Determine the value of \( x \) in the hydrate \(\mathrm{CuSO}_{4} \cdot x \mathrm{H}_{2} \mathrm{O}\) given that the mass of the sample decreases by \(18\%\) upon heating.

Define the initial and final masses.

Let the initial mass of the hydrate be \( m \). After heating, the mass decreases by \(18\%\), so the final mass is \( 0.82m \).

Express the mass of the hydrate and the anhydrous compound.

The mass of the hydrate is \( m = M_{\mathrm{CuSO}_{4}} + xM_{\mathrm{H}_{2} \mathrm{O}} \), where \( M_{\mathrm{CuSO}_{4}} \) is the molar mass of \(\mathrm{CuSO}_{4}\) and \( M_{\mathrm{H}_{2} \mathrm{O}} \) is the molar mass of water.

Calculate the molar masses.

The molar mass of \(\mathrm{CuSO}_{4}\) is \( 63.55 + 32.07 + 4 \times 16.00 = 159.62 \, \text{g/mol} \).

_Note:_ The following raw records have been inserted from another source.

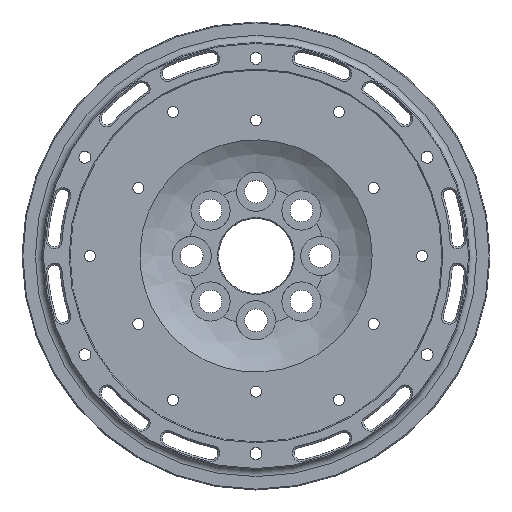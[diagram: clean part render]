
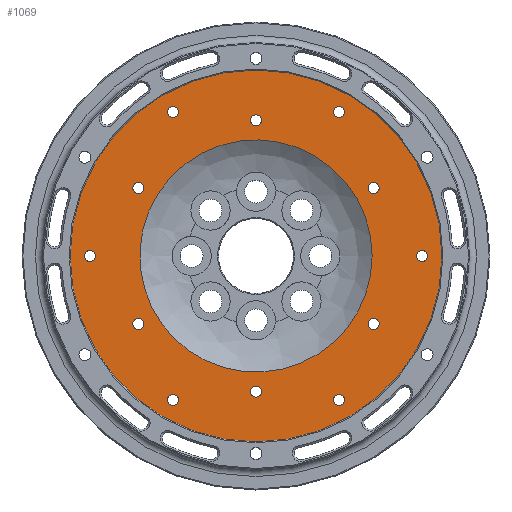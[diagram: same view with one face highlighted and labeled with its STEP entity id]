
A CAD part, top view. The second image highlights one B-rep face of the part: STEP entity #1069.
In plain terms, the highlighted planar face has unit normal (0, 0, 1).
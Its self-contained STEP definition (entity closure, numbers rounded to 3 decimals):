
#1069=ADVANCED_FACE('',(#1517,#1518,#1519,#1520,#1521,#1522,#1523,#1524,
#1525,#1526,#1527,#1528,#1529,#1530),#1341,.T.);
#1341=PLANE('',#5276);
#1517=FACE_BOUND('',#1773,.T.);
#1518=FACE_BOUND('',#1774,.T.);
#1519=FACE_BOUND('',#1775,.T.);
#1520=FACE_BOUND('',#1776,.T.);
#1521=FACE_BOUND('',#1777,.T.);
#1522=FACE_BOUND('',#1778,.T.);
#1523=FACE_BOUND('',#1779,.T.);
#1524=FACE_BOUND('',#1780,.T.);
#1525=FACE_BOUND('',#1781,.T.);
#1526=FACE_BOUND('',#1782,.T.);
#1527=FACE_BOUND('',#1783,.T.);
#1528=FACE_BOUND('',#1784,.T.);
#1529=FACE_BOUND('',#1785,.T.);
#1530=FACE_BOUND('',#1786,.T.);
#1773=EDGE_LOOP('',(#2410));
#1774=EDGE_LOOP('',(#2411));
#1775=EDGE_LOOP('',(#2412));
#1776=EDGE_LOOP('',(#2413));
#1777=EDGE_LOOP('',(#2414));
#1778=EDGE_LOOP('',(#2415));
#1779=EDGE_LOOP('',(#2416));
#1780=EDGE_LOOP('',(#2417));
#1781=EDGE_LOOP('',(#2418));
#1782=EDGE_LOOP('',(#2419));
#1783=EDGE_LOOP('',(#2420));
#1784=EDGE_LOOP('',(#2421));
#1785=EDGE_LOOP('',(#2422));
#1786=EDGE_LOOP('',(#2423));
#2410=ORIENTED_EDGE('',*,*,#3930,.F.);
#2411=ORIENTED_EDGE('',*,*,#3952,.F.);
#2412=ORIENTED_EDGE('',*,*,#3932,.F.);
#2413=ORIENTED_EDGE('',*,*,#3950,.F.);
#2414=ORIENTED_EDGE('',*,*,#3934,.F.);
#2415=ORIENTED_EDGE('',*,*,#3948,.F.);
#2416=ORIENTED_EDGE('',*,*,#3936,.F.);
#2417=ORIENTED_EDGE('',*,*,#3942,.F.);
#2418=ORIENTED_EDGE('',*,*,#3944,.F.);
#2419=ORIENTED_EDGE('',*,*,#3940,.F.);
#2420=ORIENTED_EDGE('',*,*,#3938,.F.);
#2421=ORIENTED_EDGE('',*,*,#3946,.F.);
#2422=ORIENTED_EDGE('',*,*,#4124,.F.);
#2423=ORIENTED_EDGE('',*,*,#4125,.T.);
#3499=VERTEX_POINT('',#7523);
#3501=VERTEX_POINT('',#7528);
#3503=VERTEX_POINT('',#7533);
#3505=VERTEX_POINT('',#7538);
#3507=VERTEX_POINT('',#7543);
#3509=VERTEX_POINT('',#7548);
#3511=VERTEX_POINT('',#7553);
#3513=VERTEX_POINT('',#7558);
#3515=VERTEX_POINT('',#7563);
#3517=VERTEX_POINT('',#7568);
#3519=VERTEX_POINT('',#7573);
#3521=VERTEX_POINT('',#7578);
#3685=VERTEX_POINT('',#8031);
#3686=VERTEX_POINT('',#8034);
#3930=EDGE_CURVE('',#3499,#3499,#4597,.T.);
#3932=EDGE_CURVE('',#3501,#3501,#4599,.T.);
#3934=EDGE_CURVE('',#3503,#3503,#4601,.T.);
#3936=EDGE_CURVE('',#3505,#3505,#4603,.T.);
#3938=EDGE_CURVE('',#3507,#3507,#4605,.T.);
#3940=EDGE_CURVE('',#3509,#3509,#4607,.T.);
#3942=EDGE_CURVE('',#3511,#3511,#4609,.T.);
#3944=EDGE_CURVE('',#3513,#3513,#4611,.T.);
#3946=EDGE_CURVE('',#3515,#3515,#4613,.T.);
#3948=EDGE_CURVE('',#3517,#3517,#4615,.T.);
#3950=EDGE_CURVE('',#3519,#3519,#4617,.T.);
#3952=EDGE_CURVE('',#3521,#3521,#4619,.T.);
#4124=EDGE_CURVE('',#3685,#3685,#4783,.T.);
#4125=EDGE_CURVE('',#3686,#3686,#4784,.T.);
#4597=CIRCLE('',#5031,3.1);
#4599=CIRCLE('',#5034,3.1);
#4601=CIRCLE('',#5037,3.1);
#4603=CIRCLE('',#5040,3.1);
#4605=CIRCLE('',#5043,3.1);
#4607=CIRCLE('',#5046,3.1);
#4609=CIRCLE('',#5049,3.1);
#4611=CIRCLE('',#5052,3.1);
#4613=CIRCLE('',#5055,3.1);
#4615=CIRCLE('',#5058,3.1);
#4617=CIRCLE('',#5061,3.1);
#4619=CIRCLE('',#5064,3.1);
#4783=CIRCLE('',#5273,104.1);
#4784=CIRCLE('',#5275,65.);
#5031=AXIS2_PLACEMENT_3D('',#7522,#5863,#5864);
#5034=AXIS2_PLACEMENT_3D('',#7527,#5869,#5870);
#5037=AXIS2_PLACEMENT_3D('',#7532,#5875,#5876);
#5040=AXIS2_PLACEMENT_3D('',#7537,#5881,#5882);
#5043=AXIS2_PLACEMENT_3D('',#7542,#5887,#5888);
#5046=AXIS2_PLACEMENT_3D('',#7547,#5893,#5894);
#5049=AXIS2_PLACEMENT_3D('',#7552,#5899,#5900);
#5052=AXIS2_PLACEMENT_3D('',#7557,#5905,#5906);
#5055=AXIS2_PLACEMENT_3D('',#7562,#5911,#5912);
#5058=AXIS2_PLACEMENT_3D('',#7567,#5917,#5918);
#5061=AXIS2_PLACEMENT_3D('',#7572,#5923,#5924);
#5064=AXIS2_PLACEMENT_3D('',#7577,#5929,#5930);
#5273=AXIS2_PLACEMENT_3D('',#8030,#6347,#6348);
#5275=AXIS2_PLACEMENT_3D('',#8033,#6351,#6352);
#5276=AXIS2_PLACEMENT_3D('',#8035,#6353,#6354);
#5863=DIRECTION('',(0.,0.,1.));
#5864=DIRECTION('',(1.,0.,0.));
#5869=DIRECTION('',(0.,0.,1.));
#5870=DIRECTION('',(1.,0.,0.));
#5875=DIRECTION('',(0.,0.,1.));
#5876=DIRECTION('',(1.,0.,0.));
#5881=DIRECTION('',(0.,0.,1.));
#5882=DIRECTION('',(1.,0.,0.));
#5887=DIRECTION('',(0.,0.,1.));
#5888=DIRECTION('',(1.,0.,0.));
#5893=DIRECTION('',(0.,0.,1.));
#5894=DIRECTION('',(1.,0.,0.));
#5899=DIRECTION('',(0.,0.,1.));
#5900=DIRECTION('',(1.,0.,0.));
#5905=DIRECTION('',(0.,0.,1.));
#5906=DIRECTION('',(1.,0.,0.));
#5911=DIRECTION('',(0.,0.,1.));
#5912=DIRECTION('',(1.,0.,0.));
#5917=DIRECTION('',(0.,0.,1.));
#5918=DIRECTION('',(1.,0.,0.));
#5923=DIRECTION('',(0.,0.,1.));
#5924=DIRECTION('',(1.,0.,0.));
#5929=DIRECTION('',(0.,0.,1.));
#5930=DIRECTION('',(1.,0.,0.));
#6347=DIRECTION('',(0.,0.,-1.));
#6348=DIRECTION('',(1.,0.,0.));
#6351=DIRECTION('',(0.,0.,-1.));
#6352=DIRECTION('',(1.,0.,0.));
#6353=DIRECTION('',(0.,0.,1.));
#6354=DIRECTION('',(1.,0.,0.));
#7522=CARTESIAN_POINT('',(93.,0.,22.99));
#7523=CARTESIAN_POINT('',(96.1,0.,22.99));
#7527=CARTESIAN_POINT('',(65.818,-38.,22.99));
#7528=CARTESIAN_POINT('',(68.918,-38.,22.99));
#7532=CARTESIAN_POINT('',(46.5,-80.54,22.99));
#7533=CARTESIAN_POINT('',(49.6,-80.54,22.99));
#7537=CARTESIAN_POINT('',(0.,-76.,22.99));
#7538=CARTESIAN_POINT('',(3.1,-76.,22.99));
#7542=CARTESIAN_POINT('',(-46.5,-80.54,22.99));
#7543=CARTESIAN_POINT('',(-43.4,-80.54,22.99));
#7547=CARTESIAN_POINT('',(-65.818,38.,22.99));
#7548=CARTESIAN_POINT('',(-62.718,38.,22.99));
#7552=CARTESIAN_POINT('',(-93.,0.,22.99));
#7553=CARTESIAN_POINT('',(-89.9,0.,22.99));
#7557=CARTESIAN_POINT('',(-65.818,-38.,22.99));
#7558=CARTESIAN_POINT('',(-62.718,-38.,22.99));
#7562=CARTESIAN_POINT('',(-46.5,80.54,22.99));
#7563=CARTESIAN_POINT('',(-43.4,80.54,22.99));
#7567=CARTESIAN_POINT('',(0.,76.,22.99));
#7568=CARTESIAN_POINT('',(3.1,76.,22.99));
#7572=CARTESIAN_POINT('',(46.5,80.54,22.99));
#7573=CARTESIAN_POINT('',(49.6,80.54,22.99));
#7577=CARTESIAN_POINT('',(65.818,38.,22.99));
#7578=CARTESIAN_POINT('',(68.918,38.,22.99));
#8030=CARTESIAN_POINT('',(0.,0.,22.99));
#8031=CARTESIAN_POINT('',(104.1,0.,22.99));
#8033=CARTESIAN_POINT('',(0.,0.,22.99));
#8034=CARTESIAN_POINT('',(65.,0.,22.99));
#8035=CARTESIAN_POINT('',(0.,0.,22.99));

The molar mass of \(\mathrm{H}_{2} \mathrm{O}\) is \( 2 \times 1.01 + 16.00 = 18.02 \, \text{g/mol} \).

Set up the equation for the mass decrease.

The mass of the anhydrous \(\mathrm{CuSO}_{4}\) is \( 0.82m \).

Thus, \( 0.82m = M_{\mathrm{CuSO}_{4}} \).

Substituting \( m = M_{\mathrm{CuSO}_{4}} + xM_{\mathrm{H}_{2} \mathrm{O}} \):

\( 0.82(M_{\mathrm{CuSO}_{4}} + xM_{\mathrm{H}_{2} \mathrm{O}}) = M_{\mathrm{CuSO}_{4}} \).

Solve for \( x \).

Rearrange the equation:

\( 0.82M_{\mathrm{CuSO}_{4}} + 0.82xM_{\mathrm{H}_{2} \mathrm{O}} = M_{\mathrm{CuSO}_{4}} \)

\( 0.82xM_{\mathrm{H}_{2} \mathrm{O}} = M_{\mathrm{CuSO}_{4}} - 0.82M_{\mathrm{CuSO}_{4}} \)

\( 0.82xM_{\mathrm{H}_{2} \mathrm{O}} = 0.18M_{\mathrm{CuSO}_{4}} \)

\( x = \frac{0.18M_{\mathrm{CuSO}_{4}}}{0.82M_{\mathrm{H}_{2} \mathrm{O}}} \)

Substitute the molar masses:

\( x = \frac{0.18 \times 159.62}{0.82 \times 18.02} \)

\( x \approx 1.98 \)

Since \( x \) must be an integer, we round to the nearest whole number:

\( x = 2 \).

\(\boxed{x = 2}\)

\(\boxed{x = 2}\)